== Extracted information ==

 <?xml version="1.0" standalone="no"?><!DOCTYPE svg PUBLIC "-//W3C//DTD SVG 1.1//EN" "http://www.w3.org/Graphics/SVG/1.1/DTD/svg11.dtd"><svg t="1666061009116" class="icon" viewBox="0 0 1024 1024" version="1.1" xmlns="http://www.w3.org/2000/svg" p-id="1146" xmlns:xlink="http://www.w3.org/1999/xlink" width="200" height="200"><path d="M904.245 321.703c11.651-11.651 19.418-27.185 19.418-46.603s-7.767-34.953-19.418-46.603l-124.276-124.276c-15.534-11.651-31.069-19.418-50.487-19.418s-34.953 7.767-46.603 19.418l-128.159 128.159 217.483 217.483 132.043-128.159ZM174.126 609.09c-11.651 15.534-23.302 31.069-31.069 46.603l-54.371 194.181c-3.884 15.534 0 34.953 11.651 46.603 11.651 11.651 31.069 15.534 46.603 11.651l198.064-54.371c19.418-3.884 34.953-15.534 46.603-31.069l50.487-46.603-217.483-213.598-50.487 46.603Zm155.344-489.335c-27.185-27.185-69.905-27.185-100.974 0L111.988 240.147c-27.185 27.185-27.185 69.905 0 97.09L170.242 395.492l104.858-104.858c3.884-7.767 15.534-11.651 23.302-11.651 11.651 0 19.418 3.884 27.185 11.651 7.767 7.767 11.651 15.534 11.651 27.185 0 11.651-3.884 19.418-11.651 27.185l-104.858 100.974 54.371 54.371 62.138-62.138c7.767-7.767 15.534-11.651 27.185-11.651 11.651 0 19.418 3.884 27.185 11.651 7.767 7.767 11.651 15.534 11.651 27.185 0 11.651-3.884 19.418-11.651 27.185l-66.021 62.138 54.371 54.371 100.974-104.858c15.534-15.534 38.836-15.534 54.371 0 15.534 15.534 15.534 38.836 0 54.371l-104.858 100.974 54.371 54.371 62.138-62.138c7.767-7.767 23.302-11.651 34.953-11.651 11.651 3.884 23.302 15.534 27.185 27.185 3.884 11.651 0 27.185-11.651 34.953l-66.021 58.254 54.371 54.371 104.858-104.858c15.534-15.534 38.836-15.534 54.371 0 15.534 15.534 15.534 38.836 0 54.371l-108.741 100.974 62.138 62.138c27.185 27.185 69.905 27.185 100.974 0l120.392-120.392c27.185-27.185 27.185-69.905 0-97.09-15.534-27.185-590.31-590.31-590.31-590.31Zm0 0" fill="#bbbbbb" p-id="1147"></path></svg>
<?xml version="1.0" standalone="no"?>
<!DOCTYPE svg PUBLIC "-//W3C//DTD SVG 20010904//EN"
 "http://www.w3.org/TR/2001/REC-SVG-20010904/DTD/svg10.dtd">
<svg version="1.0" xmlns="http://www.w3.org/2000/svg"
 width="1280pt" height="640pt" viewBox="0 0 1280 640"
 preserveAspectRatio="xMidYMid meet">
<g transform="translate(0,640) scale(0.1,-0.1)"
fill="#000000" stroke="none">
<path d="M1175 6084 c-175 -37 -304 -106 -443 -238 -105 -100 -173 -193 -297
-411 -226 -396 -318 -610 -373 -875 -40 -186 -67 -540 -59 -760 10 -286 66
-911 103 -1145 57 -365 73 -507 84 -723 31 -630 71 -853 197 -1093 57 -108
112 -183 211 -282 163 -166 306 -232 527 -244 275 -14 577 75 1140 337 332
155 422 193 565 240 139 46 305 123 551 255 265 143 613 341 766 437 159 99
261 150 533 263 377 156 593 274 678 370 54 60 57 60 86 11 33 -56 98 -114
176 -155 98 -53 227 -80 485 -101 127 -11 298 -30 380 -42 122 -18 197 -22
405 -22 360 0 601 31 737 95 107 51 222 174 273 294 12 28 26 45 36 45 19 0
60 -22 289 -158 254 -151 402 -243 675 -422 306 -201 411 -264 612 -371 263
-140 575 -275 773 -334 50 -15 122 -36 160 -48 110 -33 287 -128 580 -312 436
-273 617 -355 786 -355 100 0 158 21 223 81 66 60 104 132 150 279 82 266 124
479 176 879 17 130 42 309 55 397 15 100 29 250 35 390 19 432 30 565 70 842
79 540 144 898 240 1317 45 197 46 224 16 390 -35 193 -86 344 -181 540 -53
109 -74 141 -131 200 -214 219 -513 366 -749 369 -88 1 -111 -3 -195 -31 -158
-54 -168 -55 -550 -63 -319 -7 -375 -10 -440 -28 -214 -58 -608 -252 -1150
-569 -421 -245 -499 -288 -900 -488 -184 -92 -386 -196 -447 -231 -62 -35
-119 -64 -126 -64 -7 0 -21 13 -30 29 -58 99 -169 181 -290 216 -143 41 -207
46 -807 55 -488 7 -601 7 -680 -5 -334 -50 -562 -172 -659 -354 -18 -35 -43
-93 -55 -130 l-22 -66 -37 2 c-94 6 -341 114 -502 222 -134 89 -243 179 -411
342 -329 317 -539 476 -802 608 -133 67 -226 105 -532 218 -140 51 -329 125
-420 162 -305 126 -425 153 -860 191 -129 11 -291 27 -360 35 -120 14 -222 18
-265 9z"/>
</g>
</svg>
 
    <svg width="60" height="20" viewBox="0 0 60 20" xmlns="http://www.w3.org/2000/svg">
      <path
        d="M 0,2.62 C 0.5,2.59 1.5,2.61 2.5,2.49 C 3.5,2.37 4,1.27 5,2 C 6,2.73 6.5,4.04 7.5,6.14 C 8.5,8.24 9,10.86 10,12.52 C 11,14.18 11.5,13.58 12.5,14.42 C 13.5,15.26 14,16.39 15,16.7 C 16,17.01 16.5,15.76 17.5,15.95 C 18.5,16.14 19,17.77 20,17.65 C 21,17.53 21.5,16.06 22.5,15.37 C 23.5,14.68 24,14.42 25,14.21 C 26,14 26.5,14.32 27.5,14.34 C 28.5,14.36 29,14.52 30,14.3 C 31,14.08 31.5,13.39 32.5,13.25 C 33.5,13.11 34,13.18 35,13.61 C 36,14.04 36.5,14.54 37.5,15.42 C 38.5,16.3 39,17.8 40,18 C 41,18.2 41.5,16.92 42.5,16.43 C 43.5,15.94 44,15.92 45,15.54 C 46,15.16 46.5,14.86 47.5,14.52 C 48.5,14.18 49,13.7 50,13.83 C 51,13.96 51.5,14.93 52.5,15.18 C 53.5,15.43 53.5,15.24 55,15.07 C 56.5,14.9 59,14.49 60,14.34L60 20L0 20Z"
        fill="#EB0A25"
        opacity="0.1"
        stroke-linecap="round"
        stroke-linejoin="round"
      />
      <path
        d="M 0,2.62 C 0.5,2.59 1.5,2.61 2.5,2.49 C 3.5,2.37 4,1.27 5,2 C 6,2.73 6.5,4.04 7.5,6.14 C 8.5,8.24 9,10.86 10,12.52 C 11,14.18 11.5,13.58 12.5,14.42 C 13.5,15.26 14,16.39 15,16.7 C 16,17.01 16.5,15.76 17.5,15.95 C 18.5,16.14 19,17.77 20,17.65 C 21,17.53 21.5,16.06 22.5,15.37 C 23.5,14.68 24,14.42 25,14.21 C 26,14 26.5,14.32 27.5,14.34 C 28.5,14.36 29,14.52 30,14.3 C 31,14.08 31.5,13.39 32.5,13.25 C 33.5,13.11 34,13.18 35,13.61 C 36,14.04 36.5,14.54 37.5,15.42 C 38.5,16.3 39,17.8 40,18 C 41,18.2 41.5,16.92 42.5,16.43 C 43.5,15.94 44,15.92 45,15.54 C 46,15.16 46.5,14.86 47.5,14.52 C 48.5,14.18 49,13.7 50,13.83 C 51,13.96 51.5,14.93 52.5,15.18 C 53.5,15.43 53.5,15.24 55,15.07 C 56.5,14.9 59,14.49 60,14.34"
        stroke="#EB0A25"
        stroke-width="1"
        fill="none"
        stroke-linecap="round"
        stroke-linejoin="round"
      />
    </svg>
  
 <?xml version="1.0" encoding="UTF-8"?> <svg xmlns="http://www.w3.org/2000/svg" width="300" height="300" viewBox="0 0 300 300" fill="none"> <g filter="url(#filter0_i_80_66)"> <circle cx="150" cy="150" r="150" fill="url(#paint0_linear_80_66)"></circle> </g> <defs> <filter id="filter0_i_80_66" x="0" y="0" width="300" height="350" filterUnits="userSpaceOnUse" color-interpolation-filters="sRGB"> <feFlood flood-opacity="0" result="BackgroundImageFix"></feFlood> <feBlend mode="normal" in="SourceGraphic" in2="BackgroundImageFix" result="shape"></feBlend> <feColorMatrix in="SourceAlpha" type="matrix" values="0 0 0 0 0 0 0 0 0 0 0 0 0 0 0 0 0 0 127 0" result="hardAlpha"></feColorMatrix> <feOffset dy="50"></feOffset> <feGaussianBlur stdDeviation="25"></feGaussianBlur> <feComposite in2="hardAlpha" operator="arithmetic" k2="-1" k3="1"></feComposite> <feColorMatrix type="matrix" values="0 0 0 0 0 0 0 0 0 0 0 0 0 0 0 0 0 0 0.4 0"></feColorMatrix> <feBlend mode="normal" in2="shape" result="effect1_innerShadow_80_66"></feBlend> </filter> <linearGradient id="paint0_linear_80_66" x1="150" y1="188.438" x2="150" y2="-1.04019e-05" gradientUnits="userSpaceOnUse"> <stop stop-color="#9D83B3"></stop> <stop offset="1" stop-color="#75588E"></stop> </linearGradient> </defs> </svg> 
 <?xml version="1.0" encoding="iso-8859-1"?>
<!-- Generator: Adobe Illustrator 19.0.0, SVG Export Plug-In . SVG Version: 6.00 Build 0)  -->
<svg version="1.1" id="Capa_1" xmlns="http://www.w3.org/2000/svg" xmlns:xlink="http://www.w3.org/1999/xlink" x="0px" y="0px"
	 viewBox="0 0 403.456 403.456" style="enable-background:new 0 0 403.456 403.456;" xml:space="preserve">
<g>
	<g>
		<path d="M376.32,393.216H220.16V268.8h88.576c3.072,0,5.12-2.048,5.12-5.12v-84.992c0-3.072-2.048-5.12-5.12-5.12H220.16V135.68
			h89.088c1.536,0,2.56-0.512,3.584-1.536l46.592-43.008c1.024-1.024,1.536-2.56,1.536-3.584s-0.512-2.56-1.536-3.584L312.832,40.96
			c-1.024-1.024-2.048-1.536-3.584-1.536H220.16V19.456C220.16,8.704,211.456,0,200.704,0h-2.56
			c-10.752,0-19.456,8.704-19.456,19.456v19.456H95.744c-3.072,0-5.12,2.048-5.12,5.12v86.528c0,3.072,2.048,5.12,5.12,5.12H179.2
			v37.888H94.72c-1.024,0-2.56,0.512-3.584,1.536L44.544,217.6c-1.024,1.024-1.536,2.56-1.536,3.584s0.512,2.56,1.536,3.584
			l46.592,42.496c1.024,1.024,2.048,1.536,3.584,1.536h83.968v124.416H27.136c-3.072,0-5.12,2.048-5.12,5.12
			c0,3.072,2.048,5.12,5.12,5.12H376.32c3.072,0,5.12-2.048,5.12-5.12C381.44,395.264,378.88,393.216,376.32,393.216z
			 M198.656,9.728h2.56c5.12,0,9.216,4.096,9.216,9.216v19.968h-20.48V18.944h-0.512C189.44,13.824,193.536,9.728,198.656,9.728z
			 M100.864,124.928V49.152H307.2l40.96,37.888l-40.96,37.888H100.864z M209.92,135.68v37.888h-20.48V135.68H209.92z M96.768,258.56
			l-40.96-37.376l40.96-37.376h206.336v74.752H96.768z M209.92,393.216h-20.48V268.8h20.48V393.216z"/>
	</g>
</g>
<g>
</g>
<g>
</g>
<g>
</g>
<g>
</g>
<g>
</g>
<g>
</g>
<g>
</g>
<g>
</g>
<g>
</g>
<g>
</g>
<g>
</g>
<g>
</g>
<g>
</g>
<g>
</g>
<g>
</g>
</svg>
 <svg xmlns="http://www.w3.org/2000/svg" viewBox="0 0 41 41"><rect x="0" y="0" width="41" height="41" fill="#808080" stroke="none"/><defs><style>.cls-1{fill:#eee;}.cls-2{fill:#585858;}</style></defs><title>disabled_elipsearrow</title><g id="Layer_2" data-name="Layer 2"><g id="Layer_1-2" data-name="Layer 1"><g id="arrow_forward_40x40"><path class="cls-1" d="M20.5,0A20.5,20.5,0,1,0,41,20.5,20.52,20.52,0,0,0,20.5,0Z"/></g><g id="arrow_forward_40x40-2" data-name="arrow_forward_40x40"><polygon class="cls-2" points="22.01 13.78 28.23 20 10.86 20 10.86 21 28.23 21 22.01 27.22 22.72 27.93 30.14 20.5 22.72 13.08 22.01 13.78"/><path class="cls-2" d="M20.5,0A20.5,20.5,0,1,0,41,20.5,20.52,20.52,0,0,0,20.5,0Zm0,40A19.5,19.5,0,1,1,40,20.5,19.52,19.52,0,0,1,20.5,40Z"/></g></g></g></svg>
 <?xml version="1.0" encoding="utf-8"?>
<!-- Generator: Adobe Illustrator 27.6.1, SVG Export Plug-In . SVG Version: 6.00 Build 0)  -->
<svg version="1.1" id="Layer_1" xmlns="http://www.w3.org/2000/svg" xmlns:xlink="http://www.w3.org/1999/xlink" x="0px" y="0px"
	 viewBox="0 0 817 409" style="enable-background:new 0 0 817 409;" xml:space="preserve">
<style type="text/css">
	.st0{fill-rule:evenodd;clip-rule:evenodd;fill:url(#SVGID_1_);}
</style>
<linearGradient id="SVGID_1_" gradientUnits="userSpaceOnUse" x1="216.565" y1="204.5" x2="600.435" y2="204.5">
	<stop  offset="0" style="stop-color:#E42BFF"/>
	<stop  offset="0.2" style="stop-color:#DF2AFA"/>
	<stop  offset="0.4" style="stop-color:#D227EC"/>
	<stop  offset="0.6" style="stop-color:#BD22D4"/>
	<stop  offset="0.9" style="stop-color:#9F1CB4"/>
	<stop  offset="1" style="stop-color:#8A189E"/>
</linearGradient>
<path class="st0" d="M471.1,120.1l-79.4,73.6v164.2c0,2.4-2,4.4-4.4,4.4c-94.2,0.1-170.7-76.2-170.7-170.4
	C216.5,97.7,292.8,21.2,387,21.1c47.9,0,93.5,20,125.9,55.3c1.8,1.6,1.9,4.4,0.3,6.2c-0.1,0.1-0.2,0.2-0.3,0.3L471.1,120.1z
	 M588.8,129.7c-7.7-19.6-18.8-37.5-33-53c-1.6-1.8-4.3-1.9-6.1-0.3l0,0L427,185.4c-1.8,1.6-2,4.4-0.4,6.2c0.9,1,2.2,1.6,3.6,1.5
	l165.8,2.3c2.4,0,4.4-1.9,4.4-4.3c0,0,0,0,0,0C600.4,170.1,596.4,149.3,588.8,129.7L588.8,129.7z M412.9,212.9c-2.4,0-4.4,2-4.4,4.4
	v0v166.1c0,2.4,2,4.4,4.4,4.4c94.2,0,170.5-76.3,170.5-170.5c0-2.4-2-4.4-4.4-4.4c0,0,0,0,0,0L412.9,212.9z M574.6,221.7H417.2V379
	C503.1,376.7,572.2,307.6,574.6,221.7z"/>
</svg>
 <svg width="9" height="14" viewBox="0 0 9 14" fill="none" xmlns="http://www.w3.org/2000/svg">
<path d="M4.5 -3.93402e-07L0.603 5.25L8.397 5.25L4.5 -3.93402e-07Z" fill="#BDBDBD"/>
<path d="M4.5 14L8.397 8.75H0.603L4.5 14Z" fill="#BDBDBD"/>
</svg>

===

What you have to do: Give the number of lines in the entries above that include the word "Export", and nothing more.

Exercise result: 2